Studium Generale, Zentrum für Mittelalterstudien, Unterrichtssprache Englisch
Zeit und Ort: Mo 18:00 - 20:00, U9/01.11

Voraussetzungen / Organisatorisches
1. Module Allocation:
all modules including an obligatory/optional reading tutorial (Übung) for literature in
LA GS/HS/MS/RS/GY
BA Anglistik/Amerikanistik
MA English and American Studies
MA WiPäd Erweiterungsbereich English and American Studies
open for Consolidation Module Literature (Übung)
NOT open for Ergänzungsmodul Literature

2. (De)Registration:
in FlexNow!: 01.09.2023, 10:00 - 31.10.2023, 23:59
Guest auditors should first contact the lecturer

Inhalt
Rosamunde Pilcher, a British author of romantic novels famously adapted for German TV, and the ZDF received the British Tourism Award 2002 for boosting foreign interest in the Cornish landscape.

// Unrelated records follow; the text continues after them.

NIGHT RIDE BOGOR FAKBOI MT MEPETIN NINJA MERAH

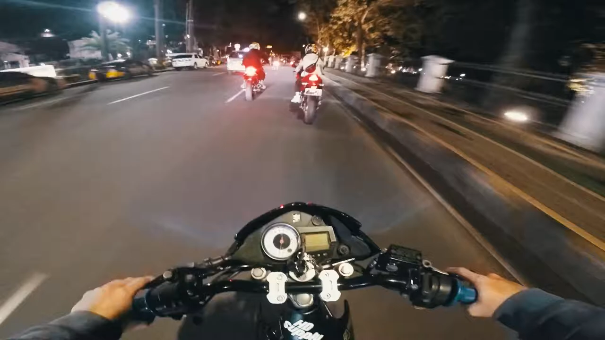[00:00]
Adlan kenapa pelan-pelan si Adlan nih, tadinya kekebutan Adlan nih
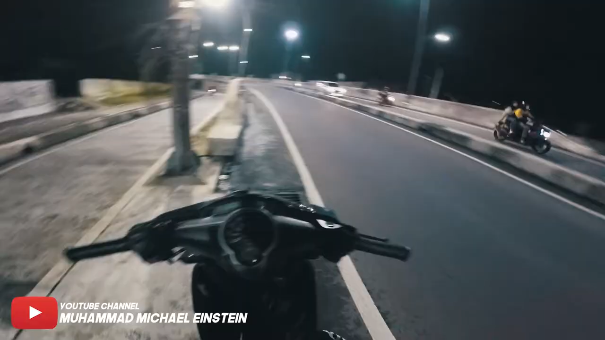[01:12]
Rame NRnya, tapi gak tau rame apa kagak ini, anjing si Ical ramah banget Ini kita nyalain aja dulu,
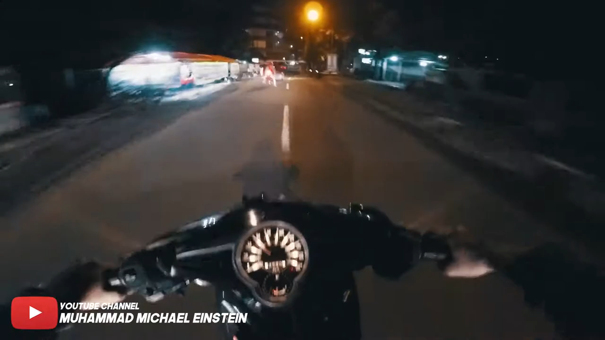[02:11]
Disini licin nih Banyak ini, tuh Banyak pasir, hati-hati ya kalian Kalo lewat itu tuh gujir Belokan gujir lah Banyak ini pasir Mantap Ini cuacanya Cuacanya good banget anjir Gak mendung sama sekali
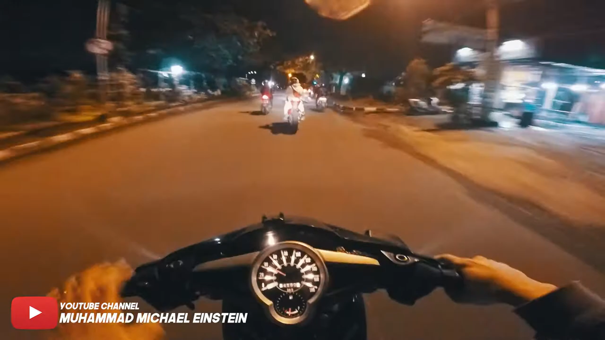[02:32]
Adem Tapi gak tau Nanti kedepannya bakal hujan apa enggak Ini motor gue standar boy Pasti susah ngejar dua setengah ke atas
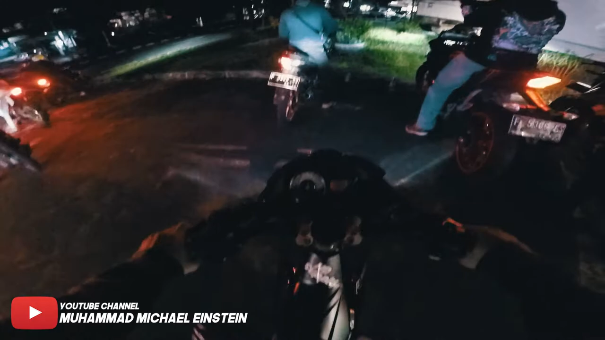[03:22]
Motor Rangga Anjing Satri FU Bocak nih anjing Bocak anjir Ini posisi readingnya Jauh banget anjing Dari awalnya
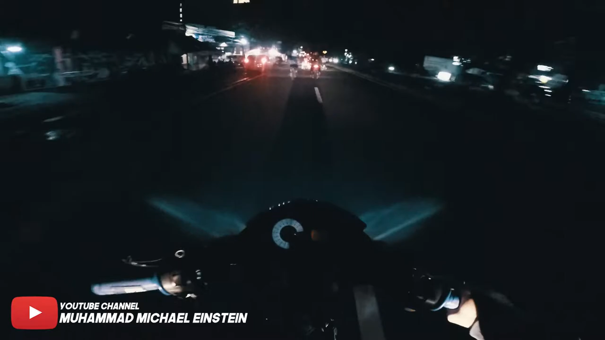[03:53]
Iya ini Enak banget anjir Sekarang Bener Gak motor lo jadi enak gak Cuman gak enaknya Tetep aja sih Posisi readingnya Kayak ricat anjing Tambah parah Ini jadi fatbar Fatbar Alal-alal ricat anjing Kocak Oh iya
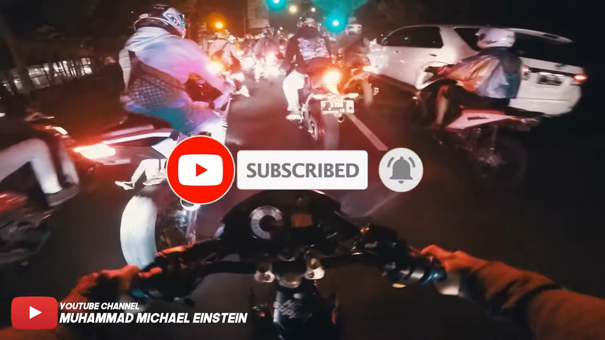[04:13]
disini Jadi banyak nih Yang NR Ada Hical Ada R15 Ada Rangga di belakang Ada anehnya Sikit Ada Sikit Ada Adlan Ada Vandy
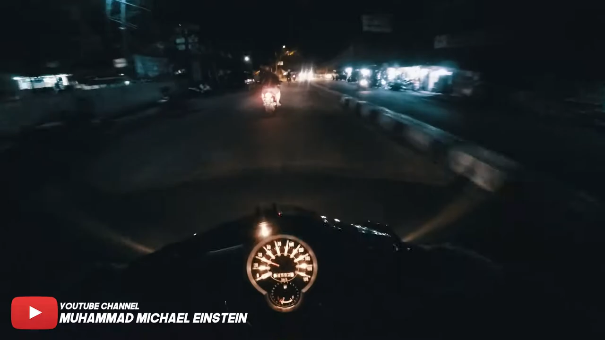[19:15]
Gelap banget anjir ini Jadi naik ratenya segitu aja ya Conten naik ratenya Jangan lupa subscribe like dan komen video

However, from Land’s End to John o’ Groats, there are many regions in Great Britain that were formed by the literary imagination of canonical authors and for which literary tourism has become a central element of their local economies.

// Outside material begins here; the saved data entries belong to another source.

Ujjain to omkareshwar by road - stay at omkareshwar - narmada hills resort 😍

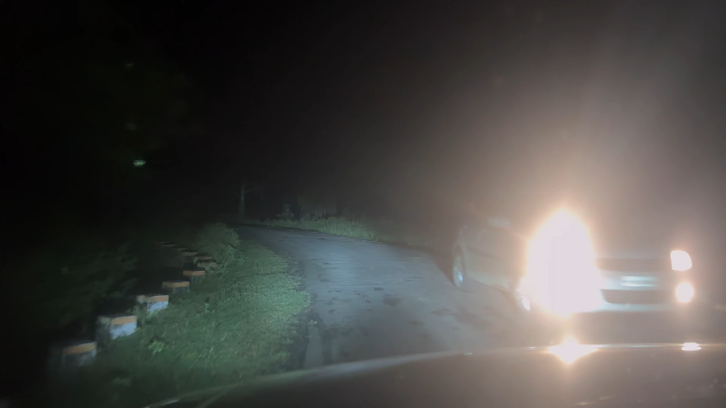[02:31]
तो अभी हमारा गए रास्ता भटक गए और अंदर हम जंगलों में आ गए हैं और काफ़ी एडवेंचरस रोड है, मज़ा आ रहा है. पता चलेगा अभी आगे जाके कहाँ निकलता है ये रास्ता. दोनों साइड कुछ नहीं है, खेत.
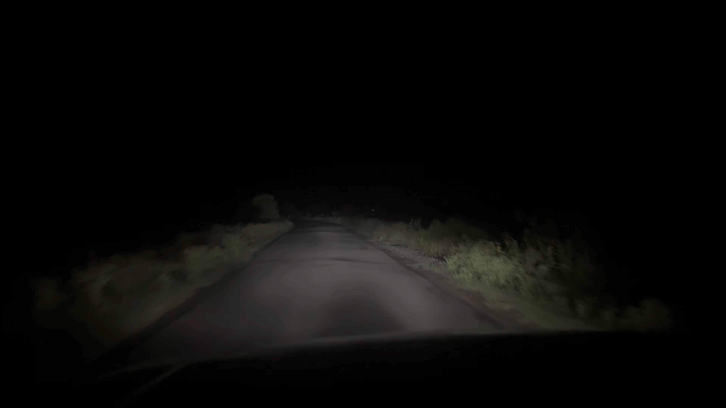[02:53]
बहुत ही गलत जगह फंस गए हैं, किसी जंगल में हम.
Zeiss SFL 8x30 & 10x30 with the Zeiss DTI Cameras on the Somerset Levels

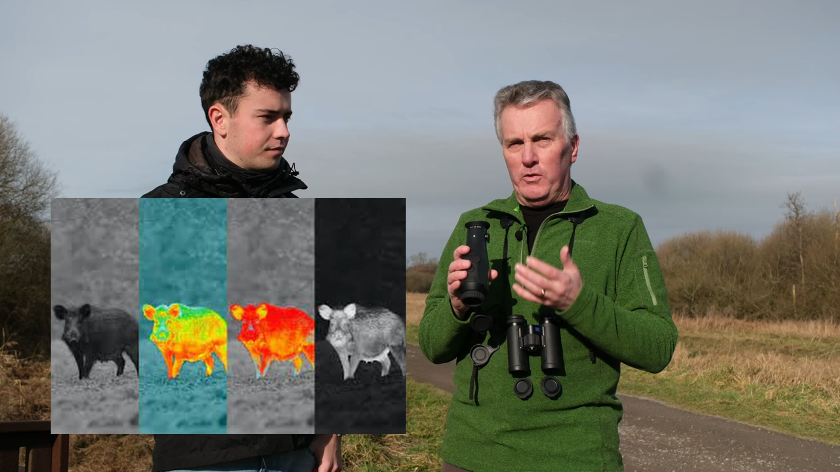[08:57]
And basically, they give you different colours. I find that I quite like, I don't know, but I quite like black.
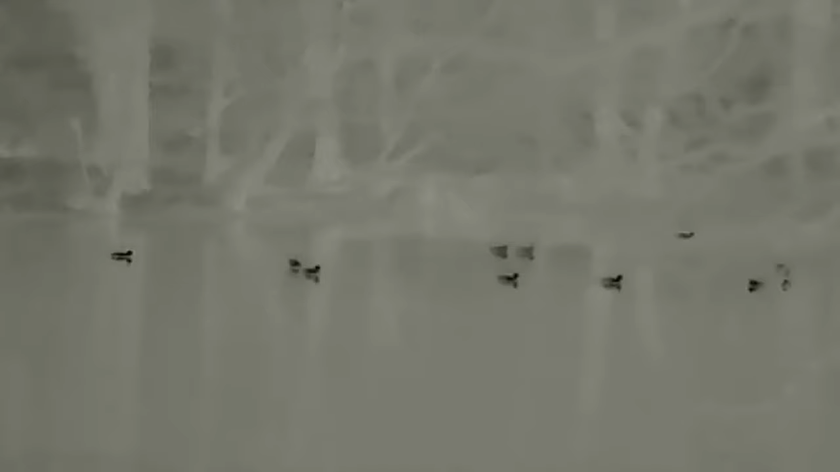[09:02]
Yeah, no, I agree. Black hot for actually scanning. It's where your subject is black, effectively. And then in a woodland, I tend to use white hot. Use white hot for that.
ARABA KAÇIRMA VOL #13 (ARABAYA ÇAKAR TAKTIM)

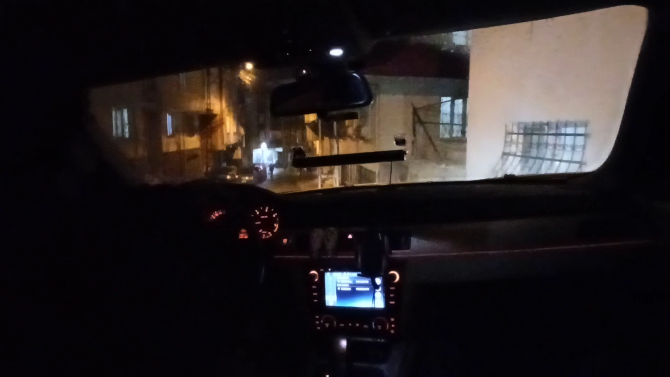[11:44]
Bismillahirrahmanirrahim. Lele kubare. Rıdvan vallahi çıkmaz ben öyle düşünüyorum. Çıkar. Bir de buradan düşerse gönlüm vururuz ön tarafa. Bak market geliyor ama. Burayı indireyim buradan. Altını vurma hadi koçum hadi. Akıllısı bizi bilmiyor ya. Yani o kadar çok park yeri var. Niye buraya park ediyorsun? Bak önünde park yeri var. Kirleniyor araba.
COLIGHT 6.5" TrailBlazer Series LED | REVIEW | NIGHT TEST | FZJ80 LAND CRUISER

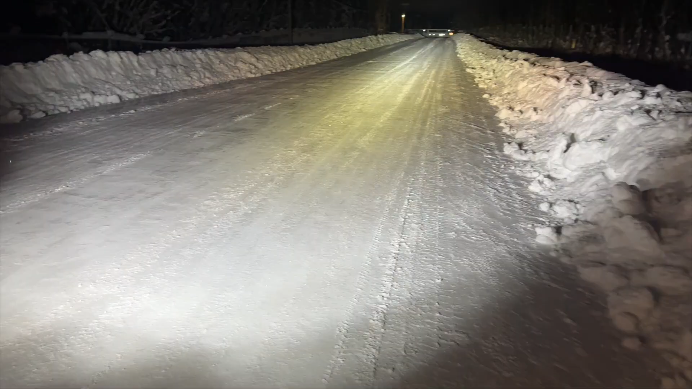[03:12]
Look at that. Amazing. Pretty good view from here all the way to those reflector signs. I would say maybe that's a good 100 yards. So that's what we need. We need to be able to see far away and on the side when there's any moves in Alaska, any nighttime driving, stuff like that. And I think these things are amazing. Let me go ahead and turn off the halogens. My low beams, because my low beams making it look yellow.
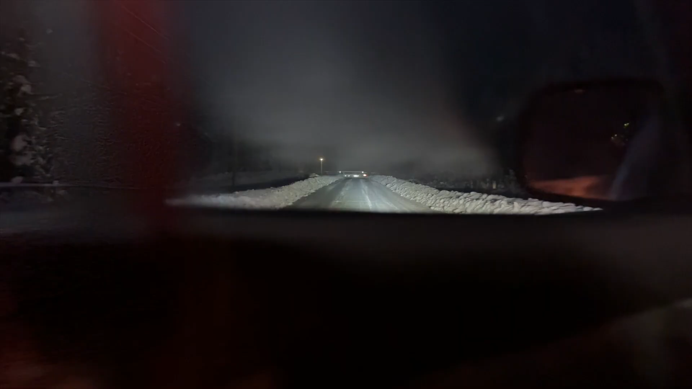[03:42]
All right, low beams off. They look good. I like it. We'll go ahead and see how long they last. We'll see how water resistant they are.
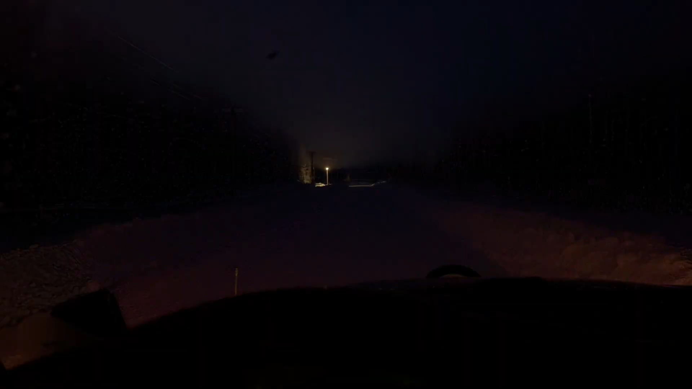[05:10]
Let me turn on my low beams so you guys can see the difference. You can see the low beams, kind of yellow. It's kind of yellowish. And again, I usually run LED headlights or bulbs for my regular lights, but the LEDs weren't de-icing or they weren't producing enough heat, so they weren't de-icing the snow and ice that was building up in front of my headlights.

This seminar explores Britain’s regional literature of the 19th century. Students will not only be made familiar with the geographies of Great Britain but reading and interpreting a wide range of topographical texts they will be introduced to the importance of space in literary and other cultural representations. Moreover, in discussing questions concerning setting, local colour, ambience of place or the symbolic level of spatial representations, students will engage with an array of spatial concepts from Cultural Geographies.

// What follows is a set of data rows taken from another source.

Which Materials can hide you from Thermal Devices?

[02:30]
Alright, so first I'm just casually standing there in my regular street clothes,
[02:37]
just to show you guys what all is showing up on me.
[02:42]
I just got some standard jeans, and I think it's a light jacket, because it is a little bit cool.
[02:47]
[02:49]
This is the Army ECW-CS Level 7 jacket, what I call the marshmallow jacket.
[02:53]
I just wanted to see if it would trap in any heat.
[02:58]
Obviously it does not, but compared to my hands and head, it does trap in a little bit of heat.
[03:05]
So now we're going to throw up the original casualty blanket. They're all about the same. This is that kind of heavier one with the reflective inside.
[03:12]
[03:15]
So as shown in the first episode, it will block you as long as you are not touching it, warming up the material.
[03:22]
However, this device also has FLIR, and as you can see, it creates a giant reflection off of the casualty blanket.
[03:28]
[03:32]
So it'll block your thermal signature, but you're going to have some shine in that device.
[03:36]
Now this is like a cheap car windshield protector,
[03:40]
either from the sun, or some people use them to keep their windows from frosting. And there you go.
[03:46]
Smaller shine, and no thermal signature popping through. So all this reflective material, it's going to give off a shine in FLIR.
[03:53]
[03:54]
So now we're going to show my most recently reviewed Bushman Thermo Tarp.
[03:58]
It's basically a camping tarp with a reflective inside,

Our explorative tour of the multifarious regions in Britain depicted in 19th-century poetry and prose sets off in the Dartmoor of Arthur Conan Doyle. Beyond that, we will investigate Southwest England in Thomas Hardy’s Wessex stories and visit Jane Austen’s Bath. Travelling upwards through literary topographies of George Eliot’s Midlands and Elizabeth Gaskell’s Industrial North we will stop over in Yorkshire’s Brontë country where we will not only encounter the fictional Wuthering Heights but also the psychologies of its mindscape. Further on, we will engage in the influential literary constructions of the Lake District by Romanticist poet William Wordsworth. Upon arrival in Scotland, the High- and Lowlands as well as the ‘Athens in the North’, Edinburgh, will be brought to life by Walter Scott and Robert Louis Stevenson. We will complete our tour of Great Britain by tracing the labyrinthine streets of Charles Dickens’ London.

Empfohlene Literatur
Selected Primary Literature:

Austen, Jane. Persuasion. 1814.
Brontë, Emily. Wuthering Heights. 1847.
Dickens, Charles. Bleak House. 1853.
Doyle, Arthur C. The Hound of the Baskervilles. 1902.
Eliot, George. Scenes of Clerical Life. 1857.
Gaskell, Elizabeth. Mary Barton. 1848.
Hardy, Thomas. Wessex Tales. 1888.
Scott, Walter. Waverley. 1814.
Stevenson, R.L. Kidnapped. 1886.
Wordworth, William. The River Duddon, A Series of Sonnets. 1820.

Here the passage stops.